Published: January 2014

Vaccine therapy for Alzheimer's disease (AD) based on the amyloid cascade hypothesis has recently attracted attention for treating AD. Injectable immunization using amyloid β peptide (Aβ) comprising 1-42 amino-acid residues (Aβ1-42) as antigens showed therapeutic efficacy in mice; however, the clinical trial of this injected Aβ1-42 vaccine was stopped due to the incidence of meningoencephalitis caused by excess activation of Th1 cells infiltrating the brain as a serious adverse reaction. Because recent studies have suggested that transcutaneous immunization (TCI) is likely to elicit Th2-dominant immune responses, TCI is expected to be effective in treating AD without inducing adverse reactions.

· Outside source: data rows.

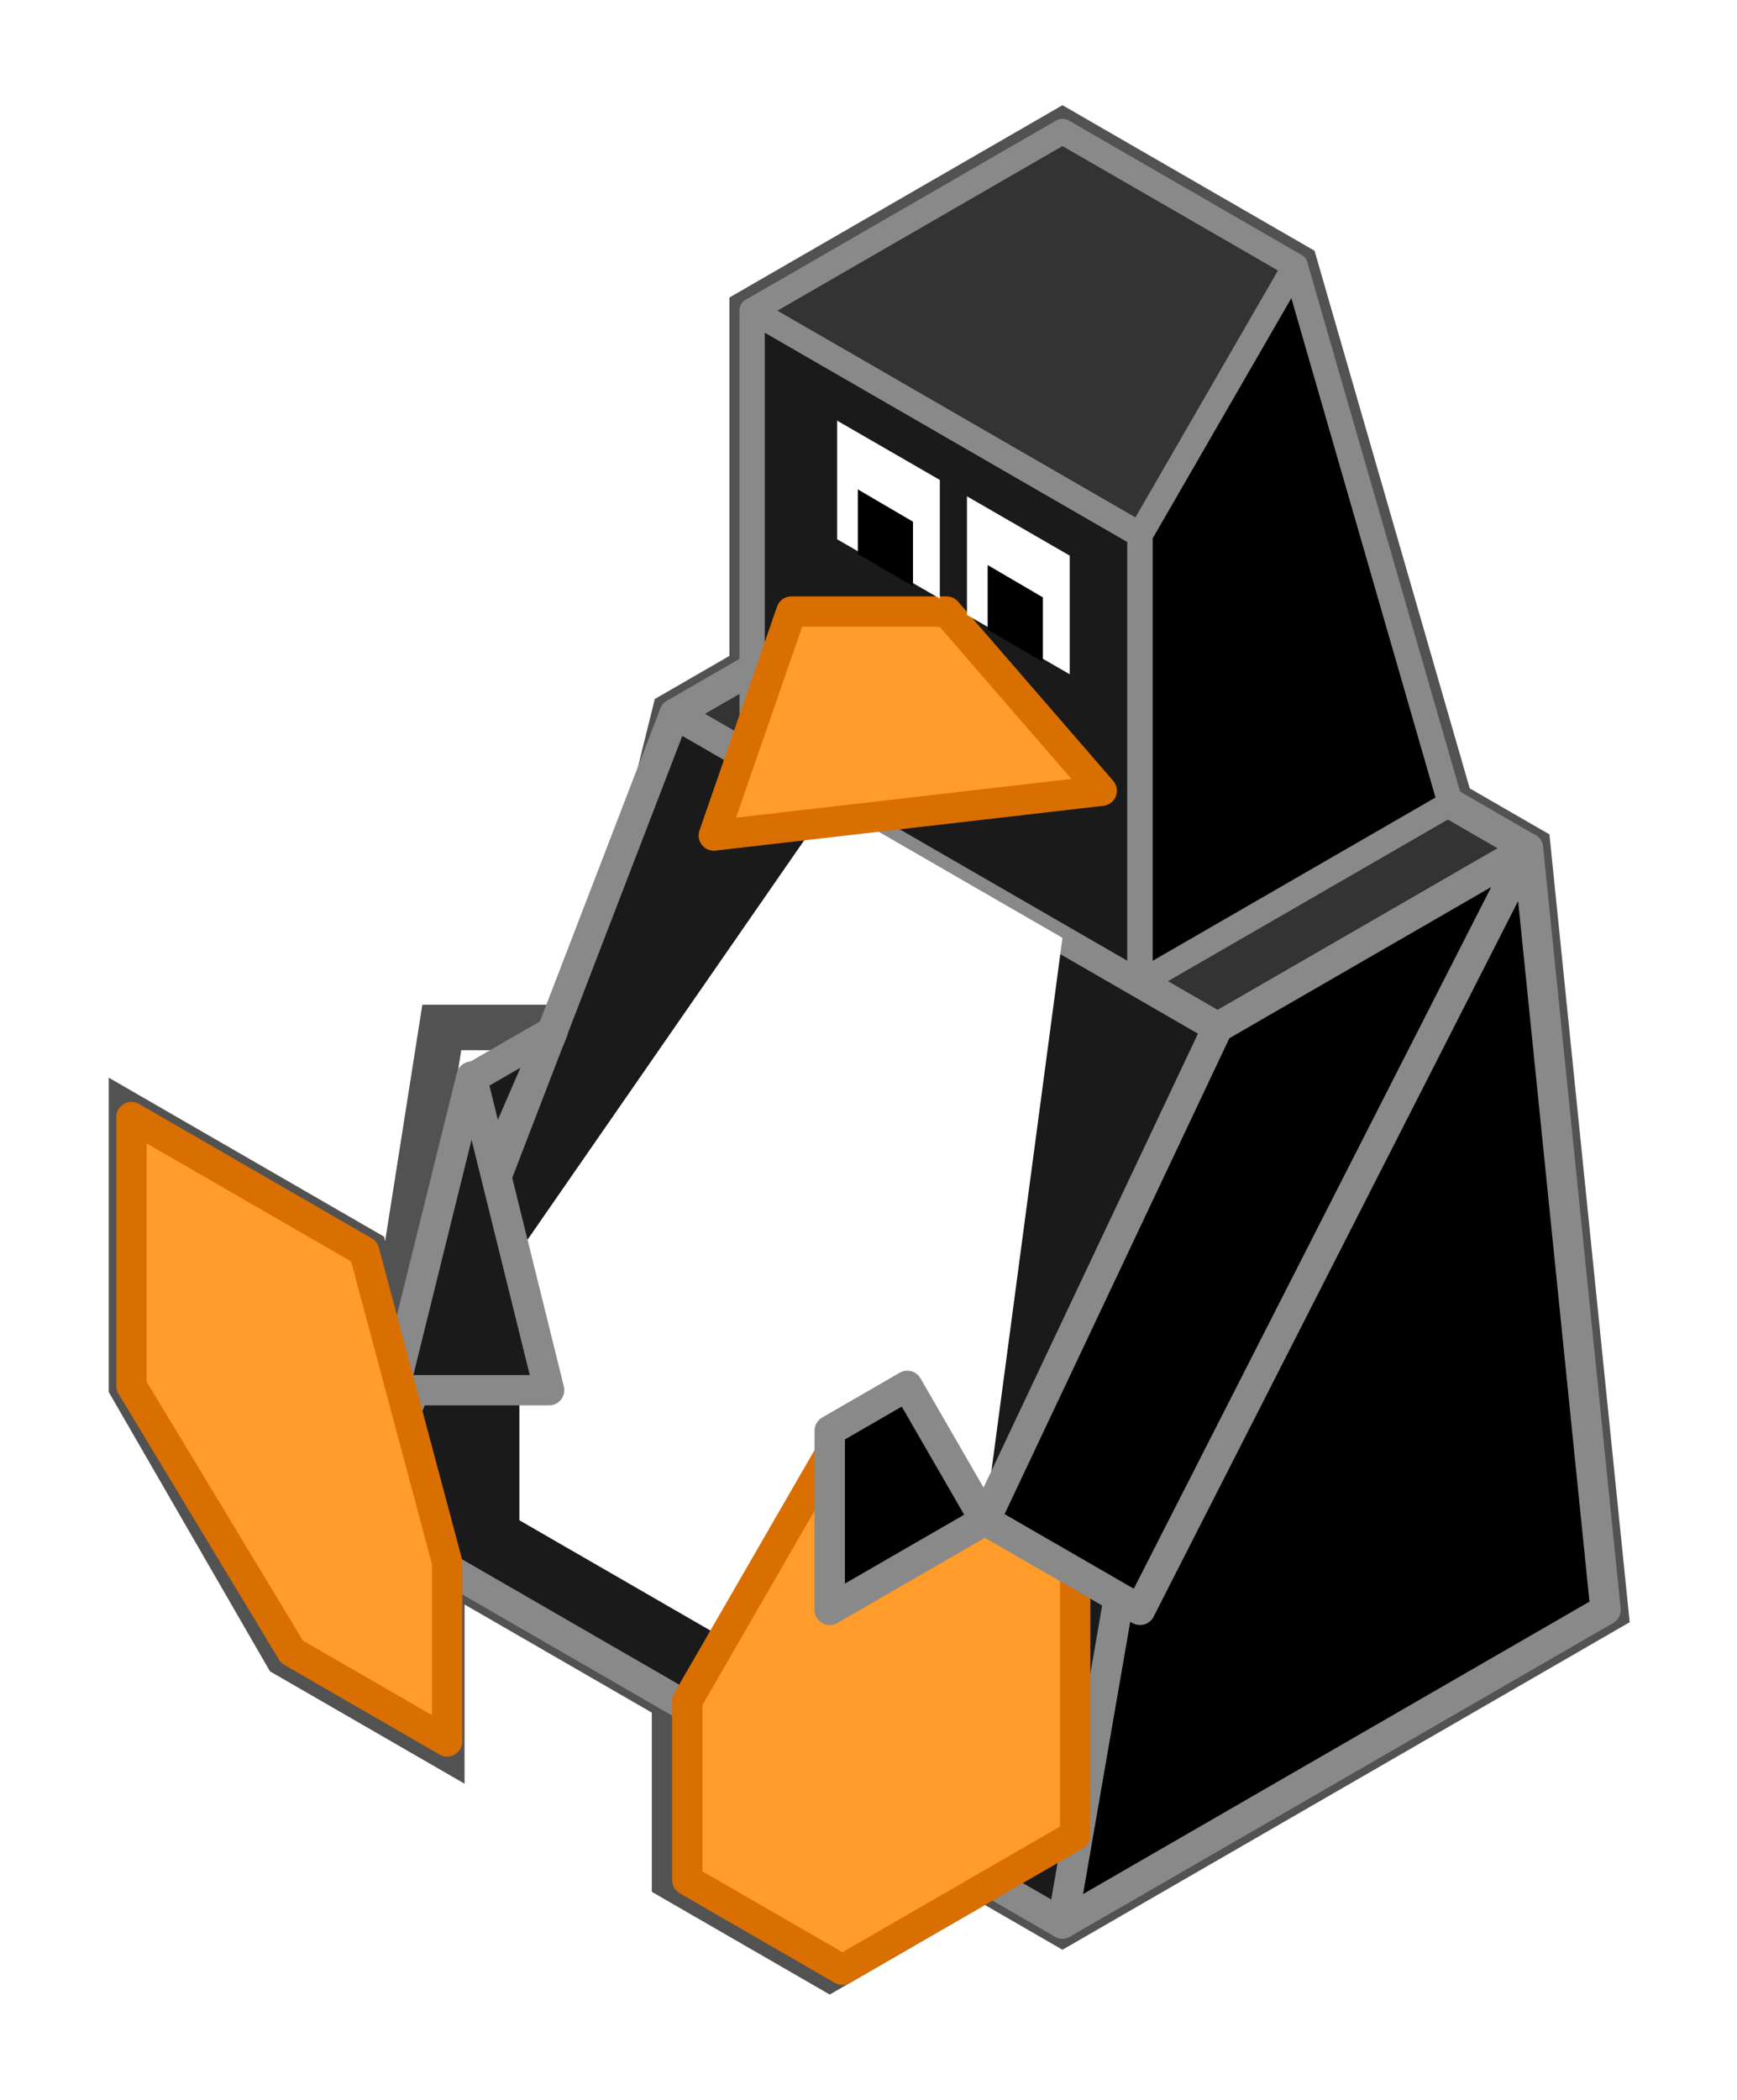 <?xml version="1.0" encoding="UTF-8" standalone="no"?>
<!-- Created with Inkscape (http://www.inkscape.org/) -->
<svg
    xmlns:inkscape="http://www.inkscape.org/namespaces/inkscape"
    xmlns:rdf="http://www.w3.org/1999/02/22-rdf-syntax-ns#"
    xmlns="http://www.w3.org/2000/svg"
    xmlns:sodipodi="http://sodipodi.sourceforge.net/DTD/sodipodi-0.dtd"
    xmlns:cc="http://creativecommons.org/ns#"
    xmlns:xlink="http://www.w3.org/1999/xlink"
    xmlns:dc="http://purl.org/dc/elements/1.1/"
    id="svg2"
    inkscape:export-filename="/home/fabio/tux-isometric.png"
    viewBox="0 0 343.51 415.18"
    sodipodi:docname="_svgclean2.svg"
    inkscape:export-xdpi="53.406738"
    version="1.1"
    inkscape:export-ydpi="53.406738"
    inkscape:version="0.48.3.1 r9886"
  >
  <defs
      id="defs4"
    >
    <filter
        id="filter3949"
        inkscape:collect="always"
        color-interpolation-filters="sRGB"
      >
      <feGaussianBlur
          id="feGaussianBlur3951"
          stdDeviation="8.957"
          inkscape:collect="always"
      />
    </filter
    >
  </defs
  >
  <sodipodi:namedview
      id="base"
      fit-margin-left="40"
      inkscape:zoom="0.70000001"
      borderopacity="1.0"
      inkscape:current-layer="layer4"
      inkscape:cx="531.92679"
      inkscape:cy="-453.71619"
      inkscape:window-maximized="0"
      showgrid="true"
      fit-margin-right="40"
      inkscape:document-units="px"
      bordercolor="#666666"
      inkscape:window-x="0"
      inkscape:window-y="0"
      objecttolerance="10000"
      fit-margin-bottom="40"
      inkscape:window-width="512"
      inkscape:pageopacity="0.0"
      inkscape:pageshadow="2"
      pagecolor="#ffffff"
      inkscape:window-height="452"
      fit-margin-top="40"
    >
    <inkscape:grid
        id="grid3379"
        originy="-217.411mm"
        enabled="true"
        originx="-27.304mm"
        visible="true"
        snapvisiblegridlinesonly="true"
        units="mm"
        type="axonomgrid"
        empspacing="5"
    />
  </sodipodi:namedview
  >
  <g
      id="layer4"
      inkscape:label="Layer#2"
      inkscape:groupmode="layer"
      transform="translate(-96.746 -424)"
    >
    <path
        id="path3947"
        style="opacity:.822;filter:url(#filter3949);stroke:#000000;stroke-width:9;fill:none"
        inkscape:connector-curvature="0"
        d="m153.43 751.18-30.686-53.15v-53.15l46.029 26.575 15.343 62.008-15.343-8.858 15.343-97.441h30.686l15.343-62.008 15.343-8.858v-70.866l61.372-35.433 46.029 26.575 30.686 106.3 15.343 8.858 15.343 150.59-107.4 62.008-15.343-8.858-30.686 17.717-30.686-17.717v-35.433l-46.029-26.575v35.433z"
    />
  </g
  >
  <g
      id="layer1"
      inkscape:label="Layer 1"
      inkscape:groupmode="layer"
      transform="translate(-96.746 -424)"
    >
    <path
        id="path3383"
        sodipodi:nodetypes="ccccc"
        style="stroke-linejoin:round;stroke:#898989;stroke-linecap:round;stroke-width:6;fill:#000000"
        inkscape:connector-curvature="0"
        d="m306.86 804.33 107.4-62.01-15.34-150.59-61.37 35.44z"
    />
    <path
        id="path3449"
        sodipodi:nodetypes="ccccc"
        style="stroke-linejoin:round;stroke:#898989;stroke-linecap:round;stroke-width:6;fill:#333333"
        inkscape:connector-curvature="0"
        d="m230.14 565.16 107.4 62.008 61.372-35.433-107.4-62.008z"
    />
    <path
        id="path3451"
        sodipodi:nodetypes="ccccc"
        style="stroke-linejoin:round;stroke:#898989;stroke-linecap:round;stroke-width:6;fill:#1a1a1a"
        inkscape:connector-curvature="0"
        d="m168.77 724.61 61.37-159.45 107.41 62.01-30.69 177.16z"
    />
    <path
        id="path3142"
        sodipodi:nodetypes="ccccc"
        style="stroke-linejoin:round;stroke:#898989;stroke-linecap:round;stroke-width:5;fill:#1a1a1a"
        inkscape:connector-curvature="0"
        d="m245.49 574.02v-88.583l76.715 44.291v88.583z"
    />
    <path
        id="path3539"
        sodipodi:nodetypes="ccccccc"
        style="fill:#ffffff"
        inkscape:connector-curvature="0"
        d="m260.83 582.87-61.372 88.583v53.15l76.715 44.291 15.343-44.291 15.343-115.16z"
    />
    <g
        id="g3488"
        style="stroke-linejoin:round;stroke:#898989;stroke-linecap:round;stroke-width:6;fill:#1a1a1a"
        transform="translate(-9.596 18.183)"
      >
      <path
          id="path3486"
          d="m215.62 609.8-15.343 8.858-15.343 62.008z"
          style="stroke-linejoin:round;stroke:#898989;stroke-linecap:round;stroke-width:6;fill:#1a1a1a"
          inkscape:connector-curvature="0"
      />
      <path
          id="path3484"
          d="m214.94 680.7-15.343-62.008-15.343 62.008z"
          sodipodi:nodetypes="cccc"
          style="stroke-linejoin:round;stroke:#898989;stroke-linecap:round;stroke-width:6;fill:#1a1a1a"
          inkscape:connector-curvature="0"
      />
    </g
    >
    <path
        id="path3459"
        sodipodi:nodetypes="ccccccc"
        style="stroke-linejoin:round;stroke:#d96f00;stroke-linecap:round;stroke-width:6;fill:#ff9c2a"
        inkscape:connector-curvature="0"
        d="m185.17 768.33-30.686-17.717-31.743-52.582v-53.15l46.029 26.575 16.4 61.44z"
    />
    <path
        id="path3461"
        style="stroke-linejoin:round;stroke:#d96f00;stroke-linecap:round;stroke-width:6;fill:#ff9c2a"
        inkscape:connector-curvature="0"
        d="m232.66 795.76v-35.433l30.686-53.15 46.029 26.575v53.15l-46.029 26.575z"
    />
    <path
        id="path3482"
        sodipodi:nodetypes="cccccccccc"
        style="stroke-linejoin:round;stroke:#898989;stroke-linecap:round;stroke-width:6;fill:#000000"
        inkscape:connector-curvature="0"
        d="m398.92 591.73-76.715 150.59-15.343-8.858-15.343-8.858-30.686 17.717v-35.433l15.343-8.858 15.343 26.575 46.029-97.441z"
    />
    <path
        id="path3387"
        sodipodi:nodetypes="cccccc"
        style="stroke-linejoin:round;stroke:#d96f00;stroke-linecap:round;stroke-width:6;fill:#ff9c2a"
        inkscape:connector-curvature="0"
        d="m253.25 544.92-15.343 44.291 76.715-8.858-30.686-35.433z"
    />
    <g
        id="g3145"
        transform="matrix(.662 0 0 .662 99.78 185.82)"
      >
      <path
          id="path3389"
          d="m245.49 485.43v35.433l30.686 17.717v-35.433z"
          sodipodi:nodetypes="ccccc"
          style="fill:#ffffff"
          inkscape:connector-curvature="0"
      />
      <path
          id="path3389-6"
          d="m252.43 507.28v17.53l14.972 8.765v-17.53z"
          sodipodi:nodetypes="ccccc"
          style="stroke:#000000;stroke-width:1.51px;fill:#000000"
          inkscape:connector-curvature="0"
      />
    </g
    >
    <path
        id="path3140"
        sodipodi:nodetypes="ccccc"
        style="stroke-linejoin:round;stroke:#898989;stroke-linecap:round;stroke-width:5;fill:#000000"
        inkscape:connector-curvature="0"
        d="m322.2 618.31v-88.583l30.686-53.15 30.686 106.3z"
    />
    <g
        id="g3145-9"
        transform="matrix(.662 0 0 .662 125.46 200.78)"
      >
      <path
          id="path3389-7"
          d="m245.49 485.43v35.433l30.686 17.717v-35.433z"
          sodipodi:nodetypes="ccccc"
          style="fill:#ffffff"
          inkscape:connector-curvature="0"
      />
      <path
          id="path3389-6-4"
          d="m252.43 507.28v17.53l14.972 8.765v-17.53z"
          sodipodi:nodetypes="ccccc"
          style="stroke:#000000;stroke-width:1.51px;fill:#000000"
          inkscape:connector-curvature="0"
      />
    </g
    >
    <path
        id="path3173"
        sodipodi:nodetypes="ccccc"
        style="stroke-linejoin:round;stroke:#898989;stroke-linecap:round;stroke-width:5;fill:#333333"
        inkscape:connector-curvature="0"
        d="m245.49 485.43 61.372-35.433 46.029 26.575-30.686 53.15z"
    />
  </g
  >
</svg
>

Previously reported TCI procedures employed complicated and impractical vaccination procedures; therefore, a simple, easy-to-use, and novel TCI approach needs to be established. In this study, we investigated the vaccine efficacy of an Aβ1-42-containing TCI using our novel dissolving microneedle array (MicroHyala; MH) against AD. MH-based TCI induced anti-Aβ1-42 immune responses by simple and low-invasive application of Aβ1-42-containing MH to the skin. Unfortunately, this TCI system resulted in little significant improvement in cognitive function and Th2-dominant immune responses, suggesting the need for further modification.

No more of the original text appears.